Cegah Krisis Identitas Gen Z dan Alpha, Anggota DPRD Kota Medan Dorong Pembumian Pancasila

BeritaLokal, Medan – Anggota Dewan Perwakilan Rakyat Daerah (DPRD) Kota Medan dari Fraksi Golkar, Rommy Van Boy, memperkuat perhatian terhadap ancaman krisis identitas nasional bagi generasi muda di tengah dinamika globalisasi dan digitalisasi. Pembumian Pancasila dan wawasan kebangsaan menjadi agenda penting yang dicanangkan dalam sosialisasi Wasbang di Lapangan Baronet, Jalan Starban, Kelurahan Polonia, Kecamatan Medan Polonia, Kota Medan, pada Sabtu (30/5/2026).

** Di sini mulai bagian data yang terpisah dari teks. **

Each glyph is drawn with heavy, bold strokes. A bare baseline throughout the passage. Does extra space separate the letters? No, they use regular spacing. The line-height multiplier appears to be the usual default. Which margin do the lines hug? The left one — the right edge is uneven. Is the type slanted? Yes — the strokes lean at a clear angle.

Rommy menekankan bahwa pemahaman dasar Pancasila, Undang-Undang Dasar 1945, serta Garis-garis Besar Haluan Negara (GBHN) harus menjadi bagian integral dalam proses pendidikan dan pengembangan identitas generasi muda. “Saat ini, banyak Gen Z dan Gen Alpha tidak mengetahui dasar-dasar Pancasila,” kata Rommy saat dihubungi beritaLokal. Ia mengingatkan bahwa arus informasi yang deras dari media sosial bisa membuat budaya luar terasa lebih realistis, bahkan mengubah persepsi anak muda tentang nilai-nilai kebangsaan.

Dalam kesempatan tersebut, Rommy menyoroti dua ancaman utama: penyalahgunaan narkoba dan aktivitas judi online (judol). Ia menegaskan bahwa keduanya bisa menjadi “predator” yang memanfaatkan kerapuhan psikologis remaja. “Membentengi pemuda dari lingkaran hitam narkoba dan judi online adalah langkah konkret untuk mengamalkan wawasan kebangsaan,” kata dia.

Pembumian ideologi diharapkan tidak hanya dilakukan melalui pendekatan formal, tetapi juga dialogis. Rommy menyarankan kerja sama multi-perspektif, termasuk pemerintah, legislatif, institusi pendidikan, dan orangtua. “Tidak bisa hanya dibebankan kepada satu instansi,” ujar mantan Ketua PAC-PP Medan Polonia.

Dalam kesimpulan, Rommy menegaskan bahwa generasi muda perlu tumbuh sebagai warga global yang memiliki jati diri sebagai bangsa Indonesia. “Global citizen yang kompetitif tanpa kehilangan jati diri adalah harapan kita,” kata dia. Kegiatan sosialisasi ini dihadiri ratusan warga dan tokoh pemuda setempat, menunjukkan kesiapan masyarakat untuk mendukung program penguatan nilai-nilai nasional.

Penyebab Krisis Identitas Nasional
Saat ini, ancaman krisis identitas nasional dianggap sangat berpotensi menghambat stabilitas sosial di Medan, yang merupakan kota kosmopolitan dengan kekayaan budaya dan keberagaman. Rommy menegaskan bahwa pembumian Pancasila harus dilakukan secara masif melalui pendekatan dialogis, bukan sekadar hafalan. “Pemahaman Pancasila sebagai pedoman moral adalah kunci untuk menghindari konflik sosial dan intoleransi,” kata dia.

Kegiatan sosialisasi ini juga menyoroti perlu adanya pengawasan melekat di lingkungan keluarga, karena ancaman narkoba dan judi online bisa terjadi meskipun ada upaya penguatan ideologi. Rommy mengajak elemen masyarakat untuk bersama-sama membangun wawasan kebangsaan yang kuat. “Tidak hanya pemerintah, tapi seluruh komunitas harus berkontribusi dalam antisipasi krisis identitas nasional,” kata dia.